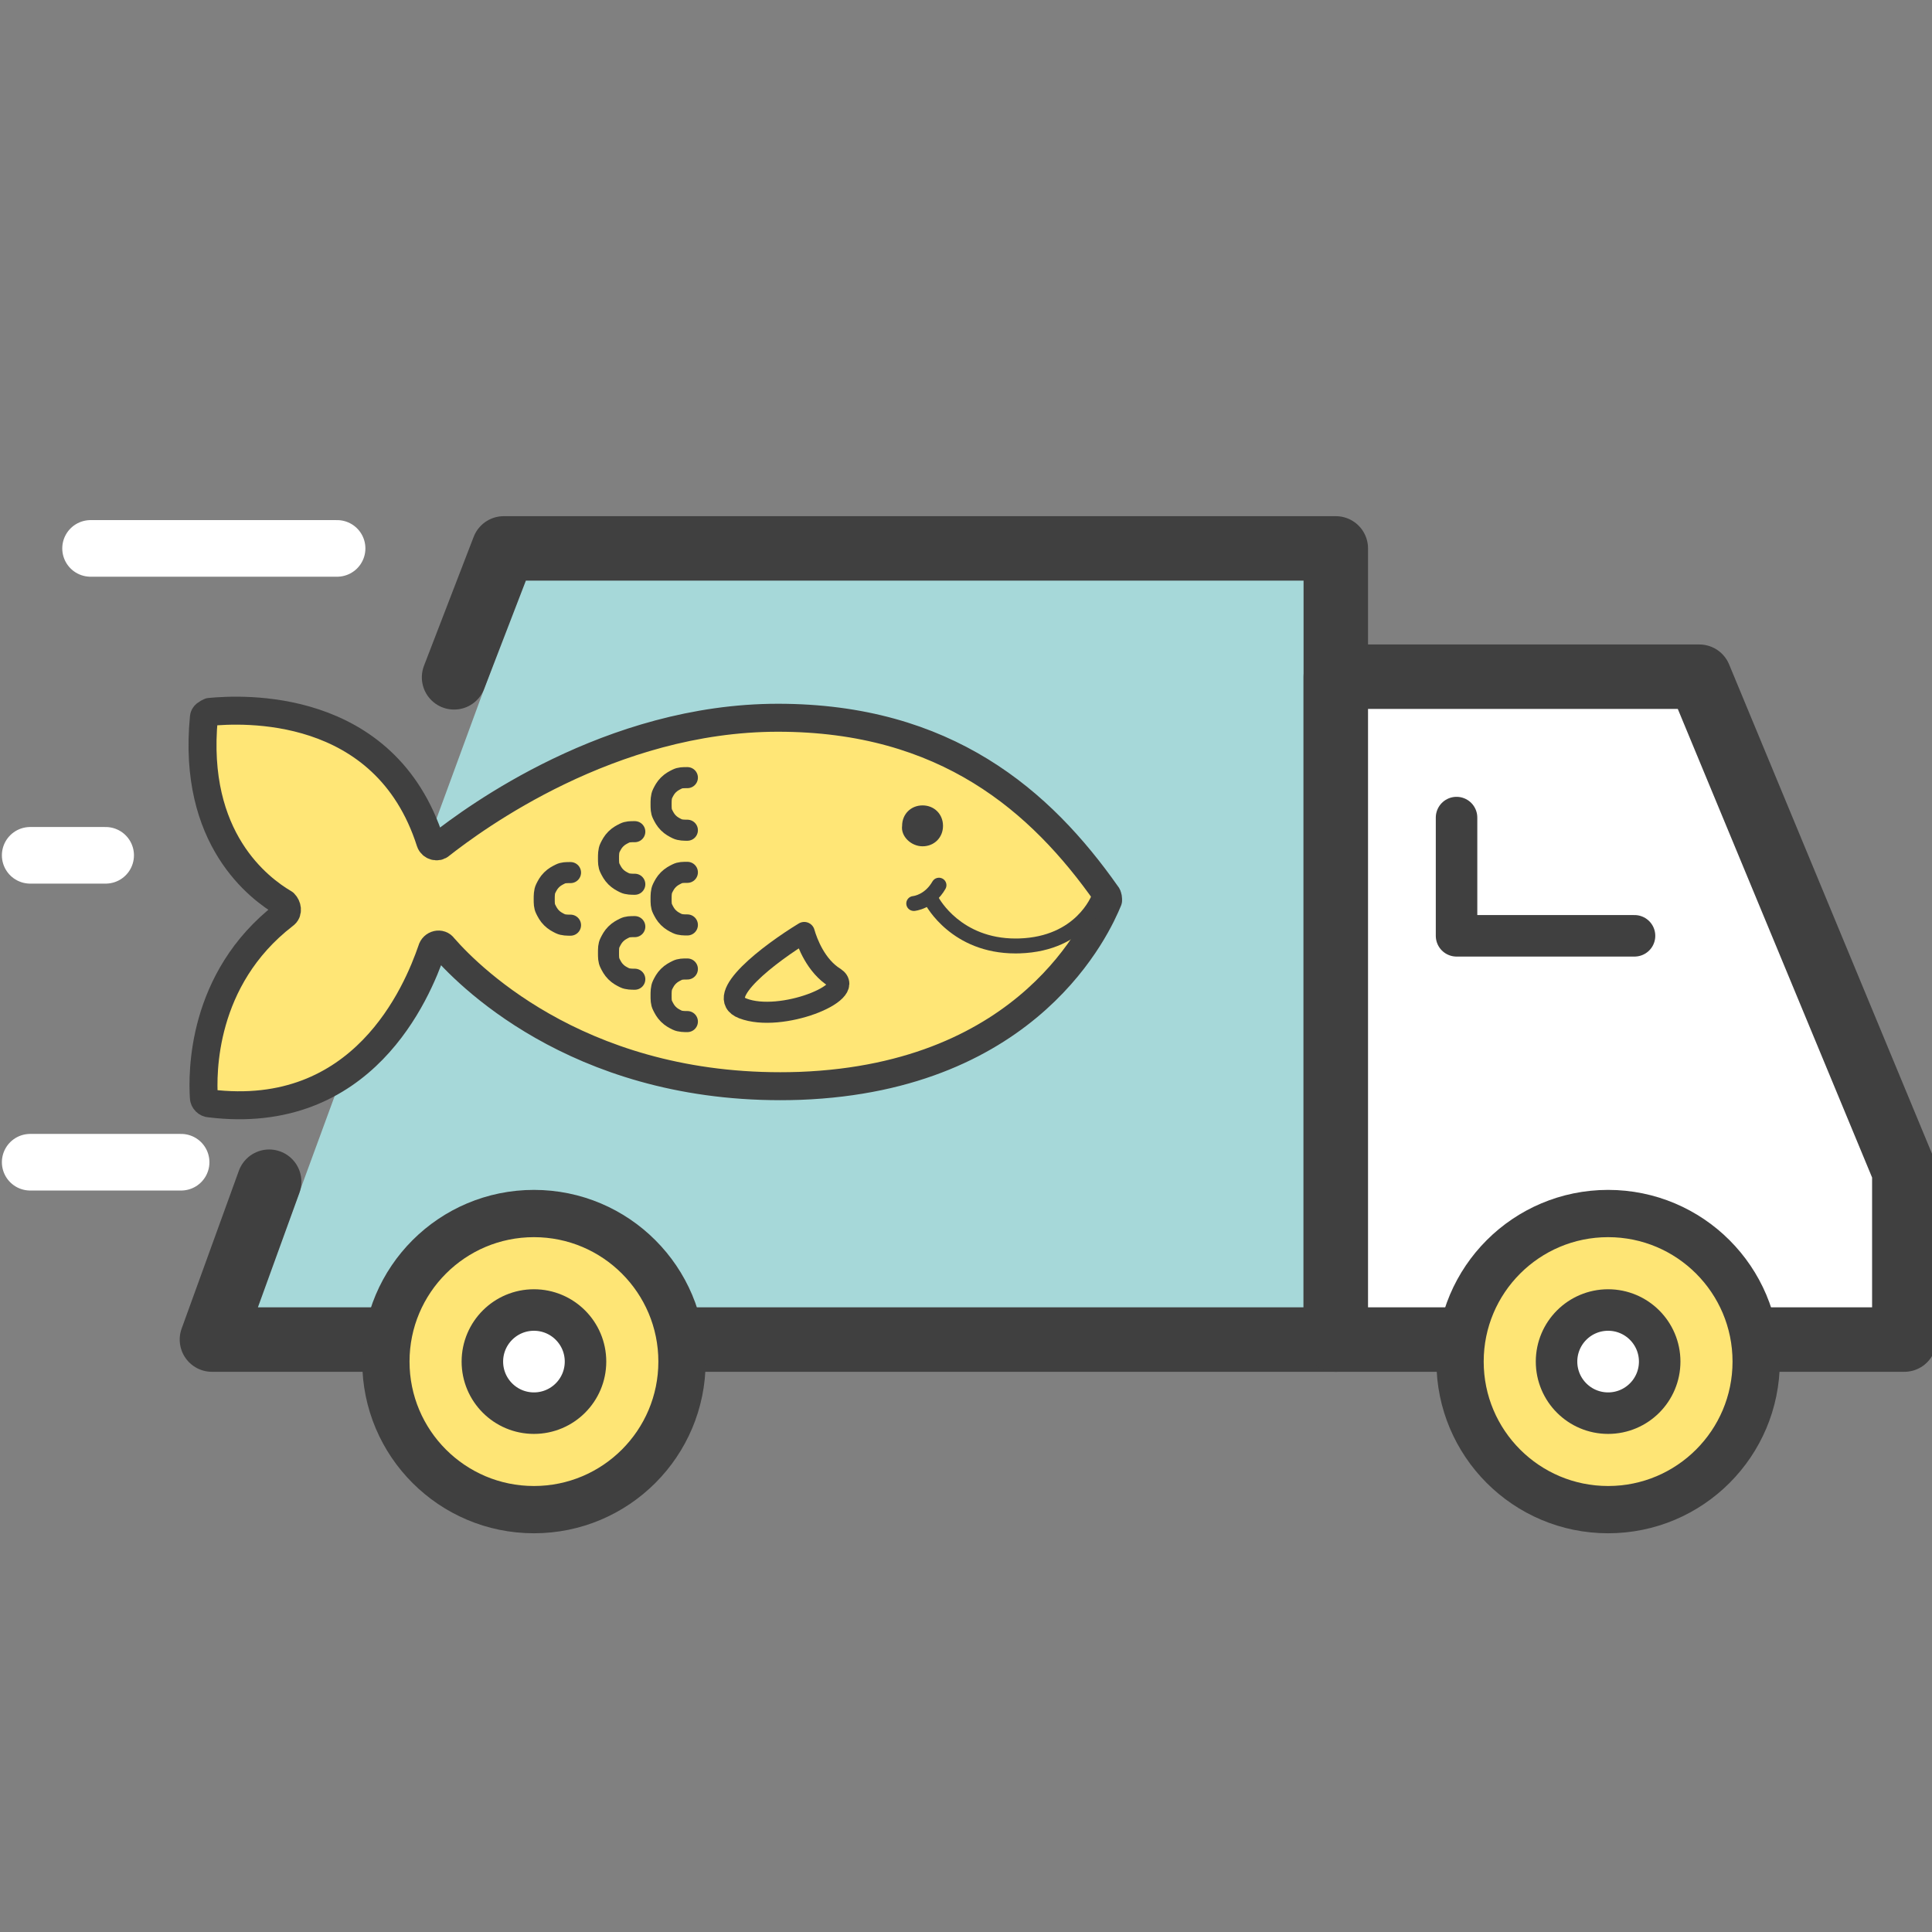 <svg width="1536" height="1536" viewBox="0 0 1536 1536" fill="none" xmlns="http://www.w3.org/2000/svg">
<rect x="0" y="0" width="1536" height="1536" fill="#808080" stroke="none"/>
<g clip-path="url(#clip0_8585_49486)">
<path d="M1048 458V1055C1048 1060.52 1043.52 1065 1038 1065H666.579H285.157H209.324C202.371 1065 197.54 1058.08 199.936 1051.55L419.094 454.554C420.539 450.617 424.288 448 428.482 448H1038C1043.52 448 1048 452.477 1048 458Z" fill="#A6D8D9"/>
<path d="M214 939.5L168.5 1065H265H663.5H1062V436H400.5L361 538.5" stroke="#404040" stroke-width="51.248" stroke-linecap="round" stroke-linejoin="round"/>
<path d="M1351.01 538H1062V1065H1514V931.078L1351.01 538Z" fill="white" stroke="#404040" stroke-width="51.248" stroke-linecap="round" stroke-linejoin="round"/>
<circle cx="424.5" cy="1082.5" r="117.709" fill="#FEE575" stroke="#404040" stroke-width="37.582"/>
<circle cx="1278.5" cy="1082.5" r="117.709" fill="#FEE575" stroke="#404040" stroke-width="37.582"/>
<circle cx="424.5" cy="1082.5" r="41" fill="white" stroke="#404040" stroke-width="33"/>
<circle cx="1278.5" cy="1082.5" r="41" fill="white" stroke="#404040" stroke-width="33"/>
<path d="M1299.5 744H1158V650" stroke="#404040" stroke-width="33" stroke-linecap="round" stroke-linejoin="round"/>
<path d="M72 436H268" stroke="white" stroke-width="45" stroke-linecap="round"/>
<path d="M24 924H144" stroke="white" stroke-width="45" stroke-linecap="round"/>
<path d="M24 680L84 680" stroke="white" stroke-width="45" stroke-linecap="round"/>
<path d="M166.721 565.981C191.109 563.658 306.085 556.69 342.087 669.343C343.249 672.827 347.894 673.988 350.217 671.666C376.928 650.761 484.935 570.627 618.493 570.627C752.05 570.627 827.539 636.825 879.8 711.152C880.962 712.313 880.962 714.636 880.962 715.798C872.832 735.541 819.409 856.323 635.913 863.291C467.515 869.098 375.767 779.673 352.54 752.961C350.217 749.477 344.41 750.639 343.249 755.284C331.635 788.964 288.664 892.325 166.721 877.228C164.398 877.228 162.075 874.905 162.075 872.582C160.914 854 159.753 778.511 225.951 727.411C229.435 725.088 228.273 720.443 225.951 718.12C206.207 706.507 152.784 667.02 162.075 570.627C162.075 568.304 164.398 567.143 166.721 565.981Z" fill="#FFE676"/>
<path d="M733.466 672.835C742.756 672.835 749.725 665.867 749.725 656.576C749.725 647.285 742.756 640.316 733.466 640.316C724.175 640.316 717.206 647.285 717.206 656.576C716.045 664.705 724.175 672.835 733.466 672.835Z" fill="#404040"/>
<path d="M546.487 660.051C544.165 660.051 540.681 660.051 538.358 658.89C536.035 657.729 533.712 656.567 531.39 654.245C529.067 651.922 527.905 649.599 526.744 647.276C525.583 644.954 525.583 642.631 525.583 639.147C525.583 636.824 525.583 633.34 526.744 631.017C527.905 628.694 529.067 626.372 531.39 624.049C533.712 621.726 536.035 620.565 538.358 619.404C540.681 618.242 543.003 618.242 546.487 618.242" stroke="#404040" stroke-width="16.745" stroke-linecap="round"/>
<path d="M546.487 735.352C544.165 735.352 540.681 735.352 538.358 734.191C536.035 733.029 533.712 731.868 531.39 729.545C529.067 727.223 527.905 724.9 526.744 722.577C525.583 720.254 525.583 717.932 525.583 714.448C525.583 712.125 525.583 708.641 526.744 706.318C527.905 703.995 529.067 701.673 531.39 699.35C533.712 697.027 536.035 695.866 538.358 694.704C540.681 693.543 543.003 693.543 546.487 693.543" stroke="#404040" stroke-width="16.745" stroke-linecap="round"/>
<path d="M504.683 703.012C502.361 703.012 498.876 703.012 496.554 701.851C494.231 700.69 491.908 699.528 489.586 697.206C487.263 694.883 486.101 692.56 484.94 690.237C483.779 687.915 483.779 685.592 483.779 682.108C483.779 679.785 483.779 676.301 484.94 673.978C486.101 671.655 487.263 669.333 489.586 667.01C491.908 664.687 494.231 663.526 496.554 662.365C498.876 661.203 501.199 661.203 504.683 661.203" stroke="#404040" stroke-width="16.745" stroke-linecap="round"/>
<path d="M453.578 735.54C451.255 735.54 447.771 735.54 445.449 734.378C443.126 733.217 440.803 732.056 438.48 729.733C436.158 727.41 434.996 725.087 433.835 722.765C432.674 720.442 432.674 718.119 432.674 714.635C432.674 712.312 432.674 708.828 433.835 706.505C434.996 704.183 436.158 701.86 438.48 699.537C440.803 697.215 443.126 696.053 445.449 694.892C447.771 693.73 450.094 693.73 453.578 693.73" stroke="#404040" stroke-width="16.745" stroke-linecap="round"/>
<path d="M546.487 812.184C544.165 812.184 540.681 812.184 538.358 811.023C536.035 809.862 533.712 808.7 531.39 806.377C529.067 804.055 527.905 801.732 526.744 799.409C525.583 797.086 525.583 794.764 525.583 791.28C525.583 788.957 525.583 785.473 526.744 783.15C527.905 780.827 529.067 778.505 531.39 776.182C533.712 773.859 536.035 772.698 538.358 771.536C540.681 770.375 543.003 770.375 546.487 770.375" stroke="#404040" stroke-width="16.745" stroke-linecap="round"/>
<path d="M504.683 778.505C502.361 778.505 498.876 778.505 496.554 777.343C494.231 776.182 491.908 775.02 489.586 772.698C487.263 770.375 486.101 768.052 484.94 765.73C483.779 763.407 483.779 761.084 483.779 757.6C483.779 754.116 483.779 751.793 484.94 749.47C486.101 747.148 487.263 744.825 489.586 742.502C491.908 740.179 494.231 739.018 496.554 737.857C498.876 736.695 501.199 736.695 504.683 736.695" stroke="#404040" stroke-width="16.745" stroke-linecap="round"/>
<path d="M663.789 777.346C648.692 768.055 641.724 749.473 639.401 741.344C612.689 757.603 566.235 792.444 590.623 801.735C620.819 813.349 681.21 788.96 663.789 777.346Z" stroke="#404040" stroke-width="16.745" stroke-linecap="round" stroke-linejoin="round"/>
<path d="M166.721 565.985C191.109 563.662 306.085 556.694 342.087 669.347C343.249 672.831 347.894 673.992 350.217 671.669C376.928 650.765 484.936 570.631 618.493 570.631C752.05 570.631 827.539 636.828 879.8 711.156C880.962 712.317 880.962 714.64 880.962 715.801C872.832 735.545 819.409 856.327 635.913 863.295C467.515 869.102 375.767 779.677 352.54 752.965C350.217 749.481 344.41 750.642 343.249 755.288C331.635 788.968 288.664 892.329 166.721 877.232C164.398 877.232 162.075 874.909 162.075 872.586C160.914 854.004 159.753 778.515 225.951 727.415C229.435 725.092 228.273 720.447 225.951 718.124C206.207 706.511 152.784 667.024 162.075 570.631C162.075 568.308 164.398 567.146 166.721 565.985Z" stroke="#404040" stroke-width="22.239" stroke-linecap="round" stroke-linejoin="round"/>
<path d="M807.367 758.009C756.689 758.009 736.409 720.508 735.559 718.875C734.034 715.974 735.167 712.394 738.085 710.877C741.002 709.369 744.586 710.488 746.12 713.372C746.853 714.739 764.124 746.149 807.417 746.149C808.4 746.149 809.384 746.133 810.393 746.099C855.503 744.633 867.814 712.195 868.322 710.811C869.439 707.736 872.848 706.137 875.932 707.231C879.025 708.325 880.65 711.69 879.558 714.773C878.958 716.463 864.288 756.21 810.784 757.951C809.634 757.984 808.492 758.009 807.375 758.009H807.367Z" fill="#404040"/>
<path d="M726.466 724.232C723.391 724.232 720.782 721.879 720.532 718.779C720.273 715.539 722.682 712.696 725.933 712.406C726.441 712.348 735.327 711.221 741.32 700.803C742.953 697.961 746.596 696.974 749.455 698.599C752.314 700.223 753.306 703.845 751.672 706.687C742.403 722.815 727.575 724.174 726.95 724.224C726.791 724.232 726.625 724.24 726.466 724.24V724.232Z" fill="#404040"/>
</g>
<defs>
<clipPath id="clip0_8585_49486">
<rect width="1536" height="1536" fill="white"/>
</clipPath>
</defs>
</svg>

········

Where a line of the entries contains the word "circle", copy that line.

<circle cx="424.5" cy="1082.5" r="117.709" fill="#FEE575" stroke="#404040" stroke-width="37.582"/>
<circle cx="1278.5" cy="1082.5" r="117.709" fill="#FEE575" stroke="#404040" stroke-width="37.582"/>
<circle cx="424.5" cy="1082.5" r="41" fill="white" stroke="#404040" stroke-width="33"/>
<circle cx="1278.5" cy="1082.5" r="41" fill="white" stroke="#404040" stroke-width="33"/>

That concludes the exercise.